■ WORK TASK ■
Write out the records below from the first line through the line containing "page: 31 of 81", leaving out any pictures.

■ DATASET ■
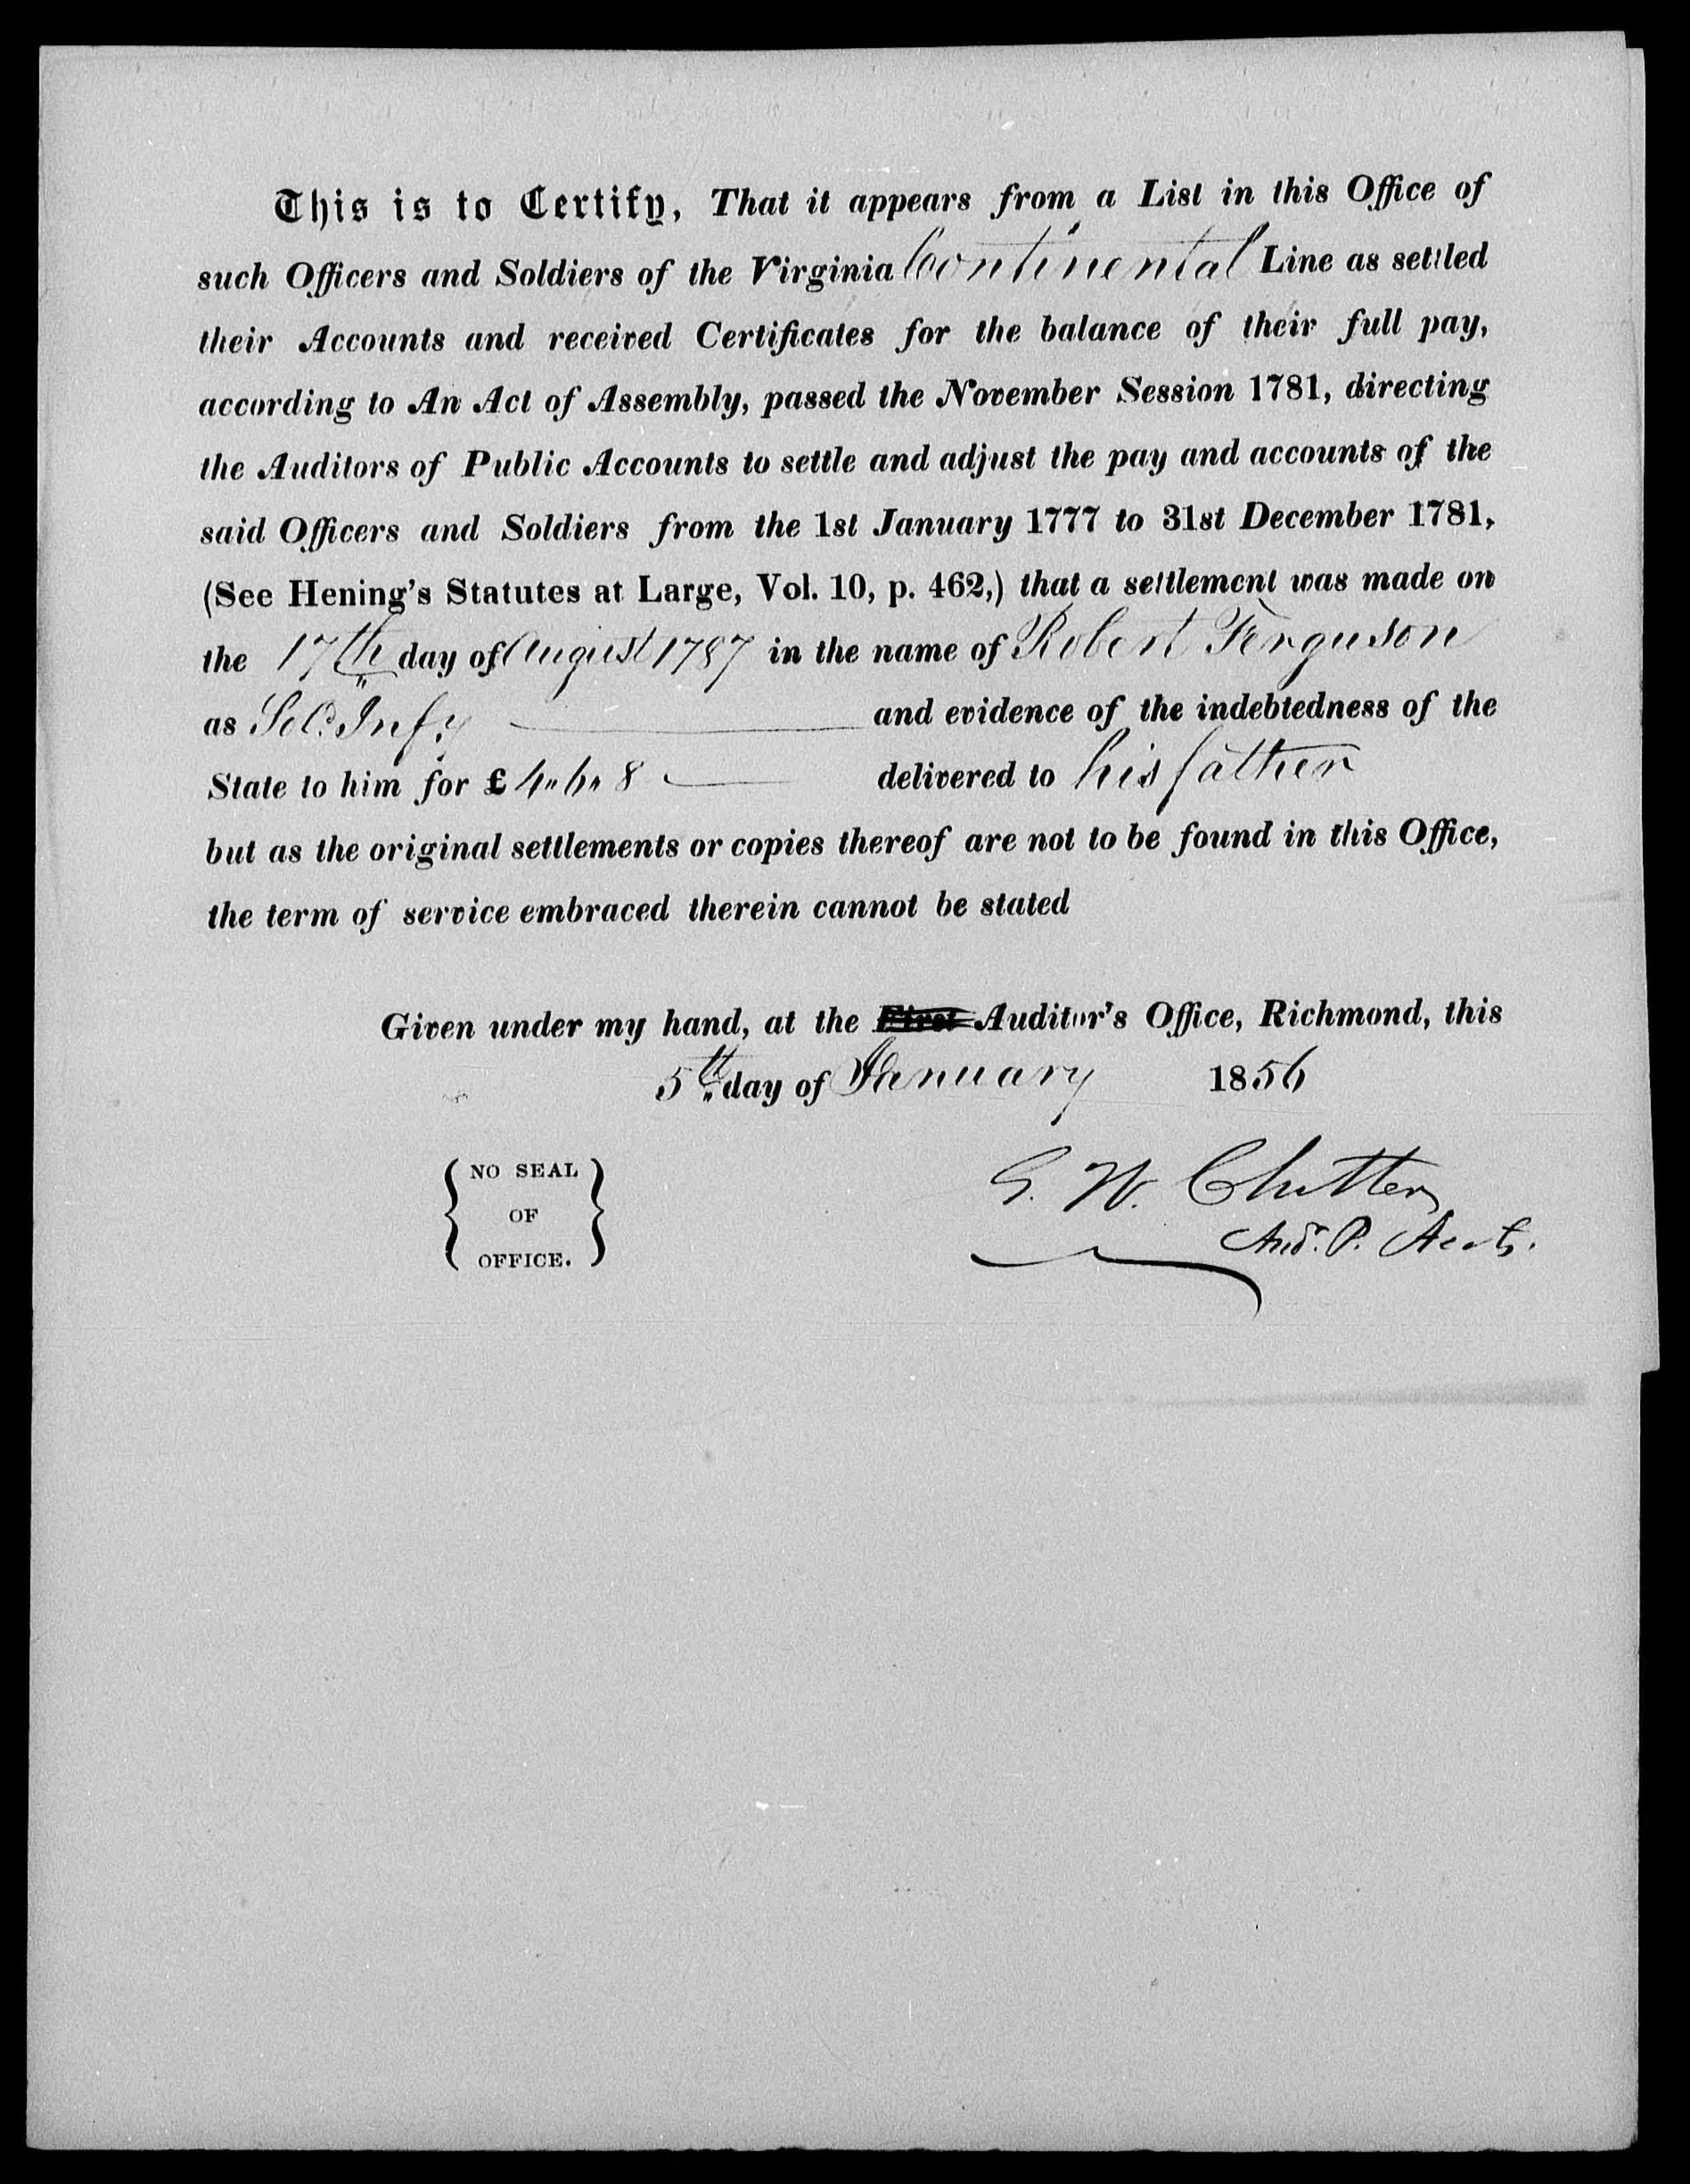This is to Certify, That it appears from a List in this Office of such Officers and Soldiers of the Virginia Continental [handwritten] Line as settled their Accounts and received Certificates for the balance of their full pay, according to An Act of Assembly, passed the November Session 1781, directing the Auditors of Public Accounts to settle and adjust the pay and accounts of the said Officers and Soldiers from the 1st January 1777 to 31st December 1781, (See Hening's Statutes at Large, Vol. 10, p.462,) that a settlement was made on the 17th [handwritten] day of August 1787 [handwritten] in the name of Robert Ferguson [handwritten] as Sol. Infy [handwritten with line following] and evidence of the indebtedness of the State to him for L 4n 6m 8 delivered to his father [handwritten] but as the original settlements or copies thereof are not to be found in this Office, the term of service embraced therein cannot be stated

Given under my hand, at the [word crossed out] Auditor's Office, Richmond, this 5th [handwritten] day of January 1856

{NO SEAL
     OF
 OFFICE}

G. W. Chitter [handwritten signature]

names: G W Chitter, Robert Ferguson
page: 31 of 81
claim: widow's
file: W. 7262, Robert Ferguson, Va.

■ RESPONSE ■
This is to Certify, That it appears from a List in this Office of such Officers and Soldiers of the Virginia Continental [handwritten] Line as settled their Accounts and received Certificates for the balance of their full pay, according to An Act of Assembly, passed the November Session 1781, directing the Auditors of Public Accounts to settle and adjust the pay and accounts of the said Officers and Soldiers from the 1st January 1777 to 31st December 1781, (See Hening's Statutes at Large, Vol. 10, p.462,) that a settlement was made on the 17th [handwritten] day of August 1787 [handwritten] in the name of Robert Ferguson [handwritten] as Sol. Infy [handwritten with line following] and evidence of the indebtedness of the State to him for L 4n 6m 8 delivered to his father [handwritten] but as the original settlements or copies thereof are not to be found in this Office, the term of service embraced therein cannot be stated

Given under my hand, at the [word crossed out] Auditor's Office, Richmond, this 5th [handwritten] day of January 1856

{NO SEAL
     OF
 OFFICE}

G. W. Chitter [handwritten signature]

names: G W Chitter, Robert Ferguson
page: 31 of 81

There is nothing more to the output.